Artículo 4. Efectos de la presentación.
1.

La fecha de entrada de las solicitudes, escritos y comunicaciones dirigidos a la Administración General del Estado y a sus Organismos públicos en los lugares previstos en el artículo 2 de este Real Decreto producirá efectos, en su caso, en cuanto al cumplimiento de los plazos de los ciudadanos.

2.

La fecha de entrada de las solicitudes, escritos y comunicaciones a las que se refiere el apartado anterior en las oficinas de registro del órgano competente para su tramitación producirá como efecto el inicio del cómputo de los plazos que haya de cumplir la Administración, y en particular del plazo máximo para notificar la resolución expresa.

A este respecto, en el ámbito de los Departamentos ministeriales se entiende por registro del órgano competente para la tramitación cualquiera de los pertenecientes al departamento competente para iniciar aquélla, con la excepción de los correspondientes a sus Organismos públicos.

No obstante, en los procedimientos iniciados a solicitud del interesado cuya tramitación y resolución corresponda a órganos integrados en el Órgano Central del Ministerio de Defensa, Estado Mayor de la Defensa y Cuarteles Generales de los Ejércitos, el plazo para resolver y notificar se contará desde la fecha en que la solicitud haya tenido entrada en los registros de los citados órganos.

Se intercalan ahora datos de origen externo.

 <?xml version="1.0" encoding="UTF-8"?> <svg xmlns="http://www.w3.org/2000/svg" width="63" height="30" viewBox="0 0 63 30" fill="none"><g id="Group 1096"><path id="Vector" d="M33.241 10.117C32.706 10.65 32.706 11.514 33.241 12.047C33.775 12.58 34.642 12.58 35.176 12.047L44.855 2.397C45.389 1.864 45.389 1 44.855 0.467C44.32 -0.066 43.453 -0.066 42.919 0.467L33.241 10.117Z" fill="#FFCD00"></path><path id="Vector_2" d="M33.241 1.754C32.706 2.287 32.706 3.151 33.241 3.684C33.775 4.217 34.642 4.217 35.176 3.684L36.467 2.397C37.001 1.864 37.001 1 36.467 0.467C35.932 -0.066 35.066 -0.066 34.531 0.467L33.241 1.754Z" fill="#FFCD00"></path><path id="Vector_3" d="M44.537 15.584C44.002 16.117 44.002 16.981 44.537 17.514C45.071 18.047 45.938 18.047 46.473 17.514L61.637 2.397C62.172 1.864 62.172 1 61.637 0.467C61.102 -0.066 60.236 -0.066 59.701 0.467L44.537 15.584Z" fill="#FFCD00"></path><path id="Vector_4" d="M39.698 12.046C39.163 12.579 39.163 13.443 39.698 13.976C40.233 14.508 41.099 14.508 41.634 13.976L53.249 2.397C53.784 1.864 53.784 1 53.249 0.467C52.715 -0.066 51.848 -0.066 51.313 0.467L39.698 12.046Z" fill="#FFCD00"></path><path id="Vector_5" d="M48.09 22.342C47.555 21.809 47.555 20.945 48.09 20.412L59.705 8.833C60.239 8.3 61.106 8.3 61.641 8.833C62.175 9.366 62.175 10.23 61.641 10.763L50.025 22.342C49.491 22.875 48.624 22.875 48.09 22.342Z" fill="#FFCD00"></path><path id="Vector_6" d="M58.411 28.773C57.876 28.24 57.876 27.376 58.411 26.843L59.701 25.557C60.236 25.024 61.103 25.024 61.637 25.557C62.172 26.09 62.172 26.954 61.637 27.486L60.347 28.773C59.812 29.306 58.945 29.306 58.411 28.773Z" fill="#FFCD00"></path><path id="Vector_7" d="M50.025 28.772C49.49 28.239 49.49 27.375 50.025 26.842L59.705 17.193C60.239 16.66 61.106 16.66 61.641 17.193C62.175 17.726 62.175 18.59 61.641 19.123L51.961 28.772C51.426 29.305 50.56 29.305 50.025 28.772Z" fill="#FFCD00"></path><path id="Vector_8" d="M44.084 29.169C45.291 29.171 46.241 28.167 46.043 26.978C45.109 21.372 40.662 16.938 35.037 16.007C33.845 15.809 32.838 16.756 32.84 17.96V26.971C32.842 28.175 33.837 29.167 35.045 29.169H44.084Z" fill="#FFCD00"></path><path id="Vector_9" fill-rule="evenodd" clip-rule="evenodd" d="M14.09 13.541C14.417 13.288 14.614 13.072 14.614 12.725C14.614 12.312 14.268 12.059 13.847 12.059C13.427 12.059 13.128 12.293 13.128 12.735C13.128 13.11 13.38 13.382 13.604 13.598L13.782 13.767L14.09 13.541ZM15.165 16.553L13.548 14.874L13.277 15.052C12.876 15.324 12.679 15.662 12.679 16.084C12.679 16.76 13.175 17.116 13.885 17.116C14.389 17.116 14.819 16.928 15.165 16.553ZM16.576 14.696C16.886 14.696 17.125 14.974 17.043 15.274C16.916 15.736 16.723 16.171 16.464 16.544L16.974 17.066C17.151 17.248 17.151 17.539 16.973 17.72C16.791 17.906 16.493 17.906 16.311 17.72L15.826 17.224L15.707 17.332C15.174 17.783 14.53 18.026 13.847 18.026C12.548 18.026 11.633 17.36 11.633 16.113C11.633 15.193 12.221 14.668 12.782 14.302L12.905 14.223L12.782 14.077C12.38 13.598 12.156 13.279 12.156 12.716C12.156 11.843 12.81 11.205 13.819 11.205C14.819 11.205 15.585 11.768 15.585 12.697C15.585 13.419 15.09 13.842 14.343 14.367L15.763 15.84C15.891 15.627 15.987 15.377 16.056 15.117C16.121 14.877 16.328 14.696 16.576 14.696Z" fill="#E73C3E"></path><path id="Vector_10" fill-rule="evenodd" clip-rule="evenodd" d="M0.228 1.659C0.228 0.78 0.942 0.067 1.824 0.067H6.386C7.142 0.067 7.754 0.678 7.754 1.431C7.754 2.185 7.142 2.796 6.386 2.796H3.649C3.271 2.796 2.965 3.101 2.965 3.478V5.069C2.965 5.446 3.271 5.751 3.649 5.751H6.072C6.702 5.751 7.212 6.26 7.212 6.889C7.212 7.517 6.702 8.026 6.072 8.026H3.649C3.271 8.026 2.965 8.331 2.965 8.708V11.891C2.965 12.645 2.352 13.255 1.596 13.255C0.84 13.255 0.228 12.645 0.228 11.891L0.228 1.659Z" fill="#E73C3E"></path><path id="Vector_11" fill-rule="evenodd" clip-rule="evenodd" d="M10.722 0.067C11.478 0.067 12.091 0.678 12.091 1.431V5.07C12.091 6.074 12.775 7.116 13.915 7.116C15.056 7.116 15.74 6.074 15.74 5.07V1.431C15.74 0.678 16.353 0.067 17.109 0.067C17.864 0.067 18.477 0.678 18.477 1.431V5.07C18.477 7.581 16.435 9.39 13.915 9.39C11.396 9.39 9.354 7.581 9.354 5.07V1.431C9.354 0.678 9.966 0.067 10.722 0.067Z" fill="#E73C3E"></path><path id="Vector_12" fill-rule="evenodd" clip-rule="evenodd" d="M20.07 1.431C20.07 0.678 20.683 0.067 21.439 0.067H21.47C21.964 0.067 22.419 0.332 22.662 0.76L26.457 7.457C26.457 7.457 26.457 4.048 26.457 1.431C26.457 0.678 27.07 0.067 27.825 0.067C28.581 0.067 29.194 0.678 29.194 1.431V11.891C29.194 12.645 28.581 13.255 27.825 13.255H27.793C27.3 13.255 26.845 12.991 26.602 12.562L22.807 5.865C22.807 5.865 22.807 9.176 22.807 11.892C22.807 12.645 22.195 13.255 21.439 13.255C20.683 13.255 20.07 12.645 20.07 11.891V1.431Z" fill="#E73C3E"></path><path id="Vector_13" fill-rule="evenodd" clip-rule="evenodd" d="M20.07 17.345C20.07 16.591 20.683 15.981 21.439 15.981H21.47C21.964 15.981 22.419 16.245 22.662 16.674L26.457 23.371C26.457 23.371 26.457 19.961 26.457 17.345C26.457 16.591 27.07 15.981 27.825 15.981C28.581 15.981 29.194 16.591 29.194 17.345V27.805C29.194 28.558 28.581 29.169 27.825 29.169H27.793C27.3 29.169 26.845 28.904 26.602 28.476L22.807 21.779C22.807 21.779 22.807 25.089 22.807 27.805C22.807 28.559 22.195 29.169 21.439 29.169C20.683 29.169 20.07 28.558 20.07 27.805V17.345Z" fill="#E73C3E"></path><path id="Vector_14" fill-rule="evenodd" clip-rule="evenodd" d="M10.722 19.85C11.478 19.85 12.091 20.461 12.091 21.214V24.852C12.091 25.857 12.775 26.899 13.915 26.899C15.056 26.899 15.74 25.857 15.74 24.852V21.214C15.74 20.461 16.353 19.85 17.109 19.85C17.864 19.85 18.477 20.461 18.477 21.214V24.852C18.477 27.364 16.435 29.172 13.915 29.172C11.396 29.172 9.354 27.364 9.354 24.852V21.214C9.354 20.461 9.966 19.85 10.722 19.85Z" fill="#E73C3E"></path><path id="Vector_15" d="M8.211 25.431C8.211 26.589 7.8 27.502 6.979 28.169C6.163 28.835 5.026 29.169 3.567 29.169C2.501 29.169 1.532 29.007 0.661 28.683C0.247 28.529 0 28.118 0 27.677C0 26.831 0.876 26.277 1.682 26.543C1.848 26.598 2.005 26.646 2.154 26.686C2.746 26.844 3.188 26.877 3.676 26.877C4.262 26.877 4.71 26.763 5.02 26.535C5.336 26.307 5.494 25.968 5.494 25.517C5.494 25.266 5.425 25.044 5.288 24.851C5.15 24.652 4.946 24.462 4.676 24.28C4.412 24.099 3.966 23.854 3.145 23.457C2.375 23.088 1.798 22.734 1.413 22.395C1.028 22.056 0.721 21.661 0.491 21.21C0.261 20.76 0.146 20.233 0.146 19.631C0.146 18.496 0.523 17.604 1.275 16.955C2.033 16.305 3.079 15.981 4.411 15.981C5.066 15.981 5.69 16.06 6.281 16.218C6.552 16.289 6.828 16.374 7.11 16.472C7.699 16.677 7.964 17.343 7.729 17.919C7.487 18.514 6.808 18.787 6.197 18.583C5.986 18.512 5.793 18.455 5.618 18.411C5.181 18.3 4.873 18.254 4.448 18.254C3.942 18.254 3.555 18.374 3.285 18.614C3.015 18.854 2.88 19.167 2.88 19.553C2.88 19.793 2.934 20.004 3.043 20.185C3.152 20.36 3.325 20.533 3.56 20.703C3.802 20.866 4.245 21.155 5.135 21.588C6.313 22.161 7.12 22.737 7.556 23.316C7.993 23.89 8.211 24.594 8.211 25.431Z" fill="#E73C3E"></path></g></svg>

Artículo 5. Modelos y sistemas normalizados de solicitud.
1.

Cuando se estime conveniente para facilitar a los ciudadanos la aportación de los datos e informaciones requeridos o para simplificar la tramitación del correspondiente procedimiento, el órgano competente para su instrucción o resolución podrá establecer modelos normalizados de solicitud. En todo caso, deberán establecerse tales modelos cuando concurra la circunstancia señalada en el artículo 70.4 o en relación con las comunicaciones previas y declaraciones responsables a las que se refiere el artículo 71 bis, ambos artículos de la Ley 30/1992, de 26 de noviembre, de Régimen Jurídico de las Administraciones Públicas y del Procedimiento Administrativo Común.